**Work instruction**
Copy every line below. Do not alter any of them.

**Dataset entries**
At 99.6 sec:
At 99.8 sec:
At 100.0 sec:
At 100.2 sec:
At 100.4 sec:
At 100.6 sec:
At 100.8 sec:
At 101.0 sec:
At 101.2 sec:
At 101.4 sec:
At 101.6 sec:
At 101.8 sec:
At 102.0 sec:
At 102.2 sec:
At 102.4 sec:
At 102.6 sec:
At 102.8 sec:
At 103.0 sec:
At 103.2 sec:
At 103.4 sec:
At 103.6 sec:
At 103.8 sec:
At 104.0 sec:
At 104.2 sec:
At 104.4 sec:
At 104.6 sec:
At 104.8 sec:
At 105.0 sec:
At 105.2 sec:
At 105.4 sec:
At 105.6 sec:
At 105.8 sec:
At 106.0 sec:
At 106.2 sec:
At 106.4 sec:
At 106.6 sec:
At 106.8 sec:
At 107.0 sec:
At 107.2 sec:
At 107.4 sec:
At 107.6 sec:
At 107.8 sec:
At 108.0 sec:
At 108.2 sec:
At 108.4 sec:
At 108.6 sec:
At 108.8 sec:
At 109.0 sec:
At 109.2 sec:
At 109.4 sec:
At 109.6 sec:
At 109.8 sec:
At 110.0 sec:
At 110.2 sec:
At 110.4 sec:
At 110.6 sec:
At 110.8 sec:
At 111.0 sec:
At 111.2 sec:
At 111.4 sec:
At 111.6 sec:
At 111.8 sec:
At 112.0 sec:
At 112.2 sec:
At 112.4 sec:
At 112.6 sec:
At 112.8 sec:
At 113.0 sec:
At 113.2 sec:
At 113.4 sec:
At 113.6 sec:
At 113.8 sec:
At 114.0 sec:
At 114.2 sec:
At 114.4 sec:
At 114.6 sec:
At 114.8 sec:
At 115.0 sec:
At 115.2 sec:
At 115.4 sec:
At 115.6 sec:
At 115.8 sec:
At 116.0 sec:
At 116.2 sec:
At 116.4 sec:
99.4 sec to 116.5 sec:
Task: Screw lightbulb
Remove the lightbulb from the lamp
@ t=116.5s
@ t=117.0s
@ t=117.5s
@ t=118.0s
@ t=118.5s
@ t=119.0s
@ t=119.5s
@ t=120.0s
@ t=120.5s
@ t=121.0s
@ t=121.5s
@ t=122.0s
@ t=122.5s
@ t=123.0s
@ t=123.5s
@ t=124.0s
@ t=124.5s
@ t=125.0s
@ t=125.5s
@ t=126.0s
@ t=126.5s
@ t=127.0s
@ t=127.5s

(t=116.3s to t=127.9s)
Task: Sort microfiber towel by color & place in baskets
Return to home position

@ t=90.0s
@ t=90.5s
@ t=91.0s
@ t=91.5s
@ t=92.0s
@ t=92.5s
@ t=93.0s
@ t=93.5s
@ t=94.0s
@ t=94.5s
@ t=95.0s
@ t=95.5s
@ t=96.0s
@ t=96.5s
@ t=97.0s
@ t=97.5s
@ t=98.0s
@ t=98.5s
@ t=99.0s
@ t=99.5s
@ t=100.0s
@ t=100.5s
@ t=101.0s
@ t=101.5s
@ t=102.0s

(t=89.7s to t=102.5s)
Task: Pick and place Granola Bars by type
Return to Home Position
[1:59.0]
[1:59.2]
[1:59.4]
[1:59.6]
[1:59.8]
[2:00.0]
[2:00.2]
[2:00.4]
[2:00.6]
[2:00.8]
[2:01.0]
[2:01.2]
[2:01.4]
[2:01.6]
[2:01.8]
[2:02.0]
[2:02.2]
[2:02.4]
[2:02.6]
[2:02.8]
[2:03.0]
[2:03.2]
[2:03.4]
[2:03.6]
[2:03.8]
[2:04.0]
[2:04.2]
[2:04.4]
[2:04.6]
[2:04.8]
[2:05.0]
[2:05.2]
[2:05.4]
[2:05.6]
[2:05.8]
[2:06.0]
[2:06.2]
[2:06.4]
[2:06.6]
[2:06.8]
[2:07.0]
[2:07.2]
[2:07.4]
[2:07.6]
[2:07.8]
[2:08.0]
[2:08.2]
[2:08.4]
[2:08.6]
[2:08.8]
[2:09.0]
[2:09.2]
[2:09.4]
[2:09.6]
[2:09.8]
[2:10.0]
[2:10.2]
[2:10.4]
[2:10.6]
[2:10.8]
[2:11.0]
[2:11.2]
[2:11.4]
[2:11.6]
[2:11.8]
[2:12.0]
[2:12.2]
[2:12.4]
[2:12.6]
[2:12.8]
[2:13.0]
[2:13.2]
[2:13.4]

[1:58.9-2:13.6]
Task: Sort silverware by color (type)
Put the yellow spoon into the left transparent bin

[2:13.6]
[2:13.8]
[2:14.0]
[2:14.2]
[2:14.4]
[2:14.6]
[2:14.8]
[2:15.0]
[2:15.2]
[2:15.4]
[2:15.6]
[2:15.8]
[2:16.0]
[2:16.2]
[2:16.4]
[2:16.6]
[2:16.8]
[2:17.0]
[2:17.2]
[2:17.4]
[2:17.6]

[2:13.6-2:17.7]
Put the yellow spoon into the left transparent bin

**Problem solution**
At 99.6 sec:
At 99.8 sec:
At 100.0 sec:
At 100.2 sec:
At 100.4 sec:
At 100.6 sec:
At 100.8 sec:
At 101.0 sec:
At 101.2 sec:
At 101.4 sec:
At 101.6 sec:
At 101.8 sec:
At 102.0 sec:
At 102.2 sec:
At 102.4 sec:
At 102.6 sec:
At 102.8 sec:
At 103.0 sec:
At 103.2 sec:
At 103.4 sec:
At 103.6 sec:
At 103.8 sec:
At 104.0 sec:
At 104.2 sec:
At 104.4 sec:
At 104.6 sec:
At 104.8 sec:
At 105.0 sec:
At 105.2 sec:
At 105.4 sec:
At 105.6 sec:
At 105.8 sec:
At 106.0 sec:
At 106.2 sec:
At 106.4 sec:
At 106.6 sec:
At 106.8 sec:
At 107.0 sec:
At 107.2 sec:
At 107.4 sec:
At 107.6 sec:
At 107.8 sec:
At 108.0 sec:
At 108.2 sec:
At 108.4 sec:
At 108.6 sec:
At 108.8 sec:
At 109.0 sec:
At 109.2 sec:
At 109.4 sec:
At 109.6 sec:
At 109.8 sec:
At 110.0 sec:
At 110.2 sec:
At 110.4 sec:
At 110.6 sec:
At 110.8 sec:
At 111.0 sec:
At 111.2 sec:
At 111.4 sec:
At 111.6 sec:
At 111.8 sec:
At 112.0 sec:
At 112.2 sec:
At 112.4 sec:
At 112.6 sec:
At 112.8 sec:
At 113.0 sec:
At 113.2 sec:
At 113.4 sec:
At 113.6 sec:
At 113.8 sec:
At 114.0 sec:
At 114.2 sec:
At 114.4 sec:
At 114.6 sec:
At 114.8 sec:
At 115.0 sec:
At 115.2 sec:
At 115.4 sec:
At 115.6 sec:
At 115.8 sec:
At 116.0 sec:
At 116.2 sec:
At 116.4 sec:
99.4 sec to 116.5 sec:
Task: Screw lightbulb
Remove the lightbulb from the lamp
@ t=116.5s
@ t=117.0s
@ t=117.5s
@ t=118.0s
@ t=118.5s
@ t=119.0s
@ t=119.5s
@ t=120.0s
@ t=120.5s
@ t=121.0s
@ t=121.5s
@ t=122.0s
@ t=122.5s
@ t=123.0s
@ t=123.5s
@ t=124.0s
@ t=124.5s
@ t=125.0s
@ t=125.5s
@ t=126.0s
@ t=126.5s
@ t=127.0s
@ t=127.5s

(t=116.3s to t=127.9s)
Task: Sort microfiber towel by color & place in baskets
Return to home position

@ t=90.0s
@ t=90.5s
@ t=91.0s
@ t=91.5s
@ t=92.0s
@ t=92.5s
@ t=93.0s
@ t=93.5s
@ t=94.0s
@ t=94.5s
@ t=95.0s
@ t=95.5s
@ t=96.0s
@ t=96.5s
@ t=97.0s
@ t=97.5s
@ t=98.0s
@ t=98.5s
@ t=99.0s
@ t=99.5s
@ t=100.0s
@ t=100.5s
@ t=101.0s
@ t=101.5s
@ t=102.0s

(t=89.7s to t=102.5s)
Task: Pick and place Granola Bars by type
Return to Home Position
[1:59.0]
[1:59.2]
[1:59.4]
[1:59.6]
[1:59.8]
[2:00.0]
[2:00.2]
[2:00.4]
[2:00.6]
[2:00.8]
[2:01.0]
[2:01.2]
[2:01.4]
[2:01.6]
[2:01.8]
[2:02.0]
[2:02.2]
[2:02.4]
[2:02.6]
[2:02.8]
[2:03.0]
[2:03.2]
[2:03.4]
[2:03.6]
[2:03.8]
[2:04.0]
[2:04.2]
[2:04.4]
[2:04.6]
[2:04.8]
[2:05.0]
[2:05.2]
[2:05.4]
[2:05.6]
[2:05.8]
[2:06.0]
[2:06.2]
[2:06.4]
[2:06.6]
[2:06.8]
[2:07.0]
[2:07.2]
[2:07.4]
[2:07.6]
[2:07.8]
[2:08.0]
[2:08.2]
[2:08.4]
[2:08.6]
[2:08.8]
[2:09.0]
[2:09.2]
[2:09.4]
[2:09.6]
[2:09.8]
[2:10.0]
[2:10.2]
[2:10.4]
[2:10.6]
[2:10.8]
[2:11.0]
[2:11.2]
[2:11.4]
[2:11.6]
[2:11.8]
[2:12.0]
[2:12.2]
[2:12.4]
[2:12.6]
[2:12.8]
[2:13.0]
[2:13.2]
[2:13.4]

[1:58.9-2:13.6]
Task: Sort silverware by color (type)
Put the yellow spoon into the left transparent bin

[2:13.6]
[2:13.8]
[2:14.0]
[2:14.2]
[2:14.4]
[2:14.6]
[2:14.8]
[2:15.0]
[2:15.2]
[2:15.4]
[2:15.6]
[2:15.8]
[2:16.0]
[2:16.2]
[2:16.4]
[2:16.6]
[2:16.8]
[2:17.0]
[2:17.2]
[2:17.4]
[2:17.6]

[2:13.6-2:17.7]
Put the yellow spoon into the left transparent bin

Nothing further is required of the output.